1. ## factor to solve the equation

r^2 + 6r + -8 = 0
-8 -8
= r^2 + 6r = -8 + 9
(r+3)^2 = 1
I am stuck and the book has my answers to be -2 and -4

2. Originally Posted by tonie
r^2 + 6r + -8 = 0
-8 -8
= r^2 + 6r = -8 + 9
(r+3)^2 = 1
I am stuck and the book has my answers to be -2 and -4
I have no idea what method you are using to solve this quadratic equation. If the solutions are -2 and -4 , then this should be the original equation ...

$r^2 + 6r + 8 = 0$

factor the left side ...

$(r + 2)(r + 4) = 0$

setting each factor equal to 0 will yield the given solutions for $r$

3. You're completing the square rather than factoring. Factoring is finding out which values of $a$ and $b$ satisfy the equation $(r-a)(r-b) = r^2+6r+8$
Your syntax is confusing, I have assumed the constant term is positive (+8) because that factors.

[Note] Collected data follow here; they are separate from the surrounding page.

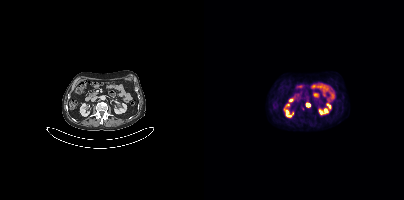
- Paired axial CT (left) and PSMA PET (right), 18F tracer
- slice position z = -1446 mm
- PET panel 200×200 px (4.1 mm/px)
Findings: Coordinates are on the 200×200 PET (right) panel. PSMA-avid tumor lesion bounding box (x, y, width, height): x=102 y=103 w=5 h=4.
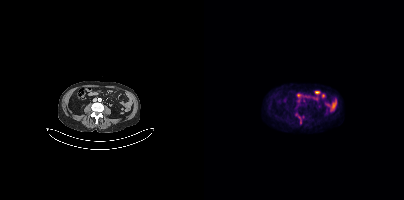
Findings: Only PSMA-avid lesion pieces thinner than 2 px on this slice (not listed).
Technique: Two-panel axial: CT | PSMA PET, [18F]PSMA-1007 tracer. slice position z = -762 mm.
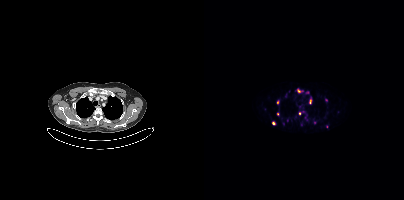
Coordinates are on the 200×200 PET (right) panel. (showing 7 of 13 foci) Small PSMA-avid foci (2 to 4 px across) near (center x, center y): (103, 92); (73, 101); (106, 101); (69, 123); (122, 99); (95, 113); (94, 90).
modality: PSMA PET/CT | tracer: 68Ga | view: axial | PET grid: 200×200
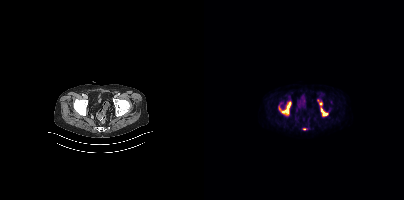
Paired axial CT (left) and PSMA PET (right), [18F]PSMA-1007 tracer. Acquired on Siemens Biograph mCT Flow 20. Slice position z = -1412 mm. PET panel 200×200 px (4.1 mm/px). Coordinates are on the 200×200 PET (right) panel. (showing 4 of 5 foci) PSMA-avid tumor lesion bounding boxes (x0, y0)-(x1, y1): (75, 101)-(87, 114) / (117, 109)-(123, 115). Small PSMA-avid foci (2 to 4 px across) near (center x, center y): (116, 103) / (100, 128).
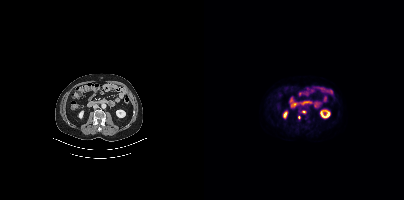
Findings: Coordinates are on the 200×200 PET (right) panel. Small PSMA-avid foci (2 to 4 px across) near (center x, center y): (99, 111); (95, 117).
Technique: Two-panel axial: CT | PSMA PET, 18F-PSMA tracer. slice position z = -1302 mm. PET panel 200×200 px (4.1 mm/px).
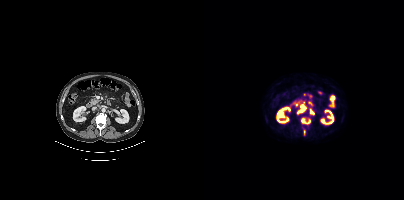
- Left: CT. Right: PSMA PET, same axial level, [18F]PSMA-1007 tracer
- acquired on Siemens Biograph mCT Flow 20
- slice 195 of 417
Findings: Coordinates are on the 200×200 PET (right) panel. (showing 4 of 6 foci) PSMA-avid tumor lesion bounding boxes (x0,y0,x1,y1): [93,104,102,113] [106,109,110,114] [98,119,101,123]. Small PSMA-avid focus (2 to 4 px across) near (center x, center y): (105, 121).
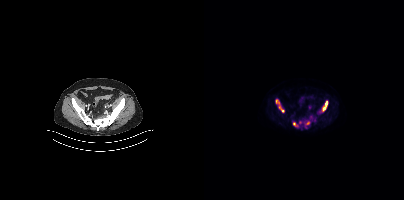
{"modality":"PSMA PET/CT","view":"axial","tracer":"[18F]PSMA-1007","pet_grid":[200,200],"coord_frame":"pet_panel","coord_format":"x0,y0,x1,y1","partial":true,"lesion_bboxes":[[116,100,124,112],[71,99,80,112],[89,122,93,126]],"small_foci_centers":[[103,122]]}
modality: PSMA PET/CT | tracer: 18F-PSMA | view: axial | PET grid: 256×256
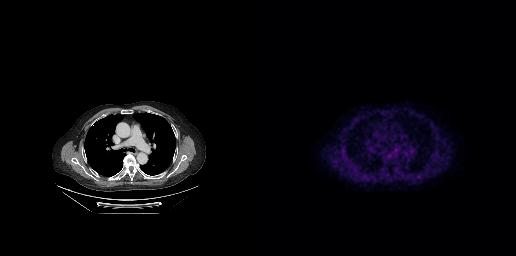
Coordinates are on the 256×256 PET (right) panel. PSMA-avid tumor lesion bounding box (x0,y0,x1,y1): [81,147,85,154].
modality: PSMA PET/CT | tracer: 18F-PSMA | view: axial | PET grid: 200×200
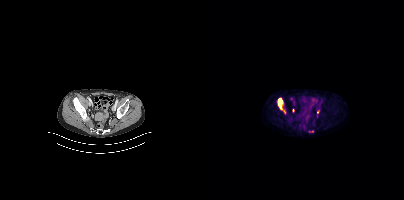
Coordinates are on the 200×200 PET (right) panel. (showing 3 of 4 foci) PSMA-avid tumor lesion bounding boxes (x0,y0,x1,y1): [74,98,81,113], [104,130,109,132]. Small PSMA-avid focus (2 to 4 px across) near (center x, center y): (114, 111).
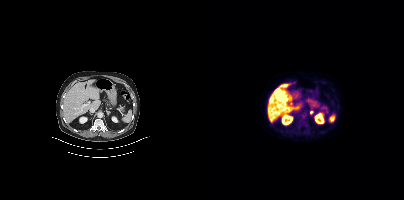
{"modality":"PSMA PET/CT","view":"axial","tracer":"[18F]PSMA-1007","pet_grid":[200,200],"coord_frame":"pet_panel","coord_format":"x0,y0,x1,y1","lesion_bboxes":[],"small_foci_centers":[[107,112]]}
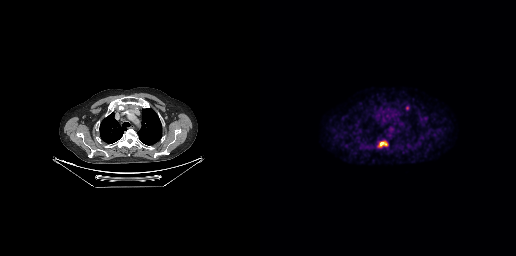
Coordinates are on the 256×256 PET (right) panel. PSMA-avid tumor lesion bounding box (x0,y0,x1,y1): [118,141,127,147]. Small PSMA-avid focus (2 to 4 px across) near (center x, center y): (147, 107).
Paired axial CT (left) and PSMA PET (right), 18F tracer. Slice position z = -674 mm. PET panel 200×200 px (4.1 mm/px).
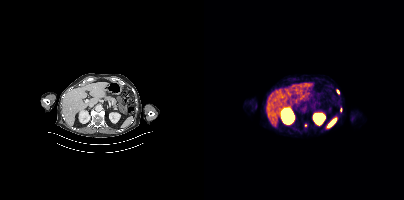
Coordinates are on the 200×200 PET (right) panel. (showing 1 of 3 foci) Small PSMA-avid focus (2 to 4 px across) near (center x, center y): (134, 91).
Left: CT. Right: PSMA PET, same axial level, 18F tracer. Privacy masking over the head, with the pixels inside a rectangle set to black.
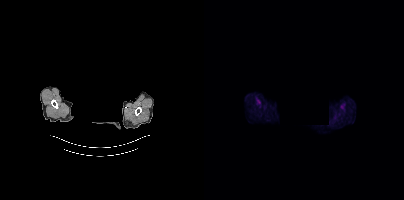
No tumor lesions annotated on this slice.
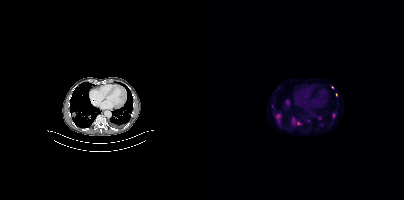
Coordinates are on the 200×200 PET (right) panel. PSMA-avid tumor lesion bounding boxes (x0,y0,x1,y1): [71,113,77,124], [89,118,95,124], [128,113,131,117]. Small PSMA-avid foci (2 to 4 px across) near (center x, center y): (68, 105), (83, 102), (115, 118), (104, 120), (132, 94), (128, 87).
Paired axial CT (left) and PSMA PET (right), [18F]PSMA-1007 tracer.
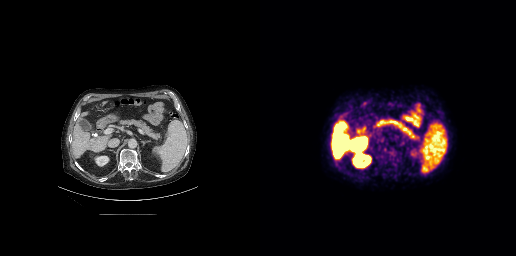
Coordinates are on the 256×256 PET (right) panel. PSMA-avid tumor lesion bounding boxes:
| # | x0 | y0 | x1 | y1 |
|---|---|---|---|---|
| 1 | 119 | 158 | 132 | 167 |
| 2 | 121 | 150 | 128 | 156 |
| 3 | 177 | 110 | 183 | 116 |
| 4 | 126 | 168 | 131 | 171 |
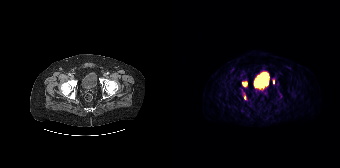
Coordinates are on the 168×168 PET (right) panel. (showing 3 of 4 foci) PSMA-avid tumor lesion bounding boxes (x0,y0,x1,y1): [70,81,75,87]; [72,95,74,99]. Small PSMA-avid focus (2 to 4 px across) near (center x, center y): (101, 82).
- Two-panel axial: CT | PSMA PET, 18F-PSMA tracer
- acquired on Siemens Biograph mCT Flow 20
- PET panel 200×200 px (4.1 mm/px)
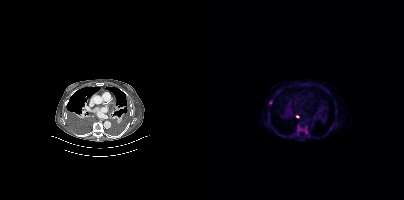
Findings: Coordinates are on the 200×200 PET (right) panel. PSMA-avid tumor lesion bounding boxes (x0, y0)-(x1, y1): (101, 129)-(104, 134) / (94, 126)-(97, 130). Small PSMA-avid foci (2 to 4 px across) near (center x, center y): (66, 102) / (93, 116).
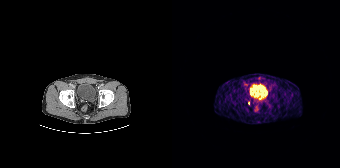
Coordinates are on the 168×168 PET (right) panel. Small PSMA-avid focus (2 to 4 px across) near (center x, center y): (76, 103).
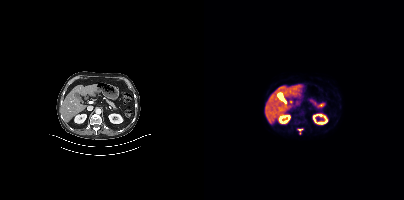
Two-panel axial: CT | PSMA PET, 18F-PSMA tracer. Acquired on Siemens Biograph mCT Flow 20.
Coordinates are on the 200×200 PET (right) panel. PSMA-avid tumor lesion bounding boxes (partial; 1 more focus not listed):
| # | x0 | y0 | x1 | y1 |
|---|---|---|---|---|
| 1 | 94 | 129 | 98 | 131 |
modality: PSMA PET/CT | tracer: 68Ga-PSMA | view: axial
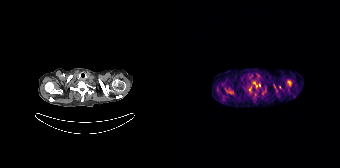
Coordinates are on the 168×168 PET (right) panel. (showing 7 of 9 foci) PSMA-avid tumor lesion bounding boxes (x, y, width, height): x=56 y=90 w=5 h=4 / x=102 y=86 w=4 h=7 / x=116 y=81 w=3 h=5. Small PSMA-avid foci (2 to 4 px across) near (center x, center y): (77, 89) / (82, 93) / (87, 84) / (107, 87).

What two numbers multiply to give +8 and sum to +6

4. While thank you so much, you fully understand my issue even though my syntax was confusing. That is exactly what the book had for the problem and answer!

5. If you wish to factorise by completing the square, and assuming that your originally equation is $\displaystyle r^2 + 6r + 8 = 0$...

$\displaystyle r^2 + 6r + 8 = 0$

$\displaystyle r^2 + 6r + 3^2 - 3^2 + 8 = 0$

$\displaystyle (r + 3)^2 - 1 = 0$

$\displaystyle (r + 3)^2 - 1^2 = 0$

$\displaystyle (r + 3 - 1)(r + 3 + 1) = 0$

$\displaystyle (r + 2)(r + 4) = 0$.

6. Or, after you have $(r+ 3)^2= 1$, as in your first post, just take the square root of both sides:
[math\]r+ 3= \pm 1[/tex] so that $r= 3\pm 1$.

Taking the "+" sign, $r= 3+ 1= 4$ and taking the "-" sign, $r= 3- 1= 2$.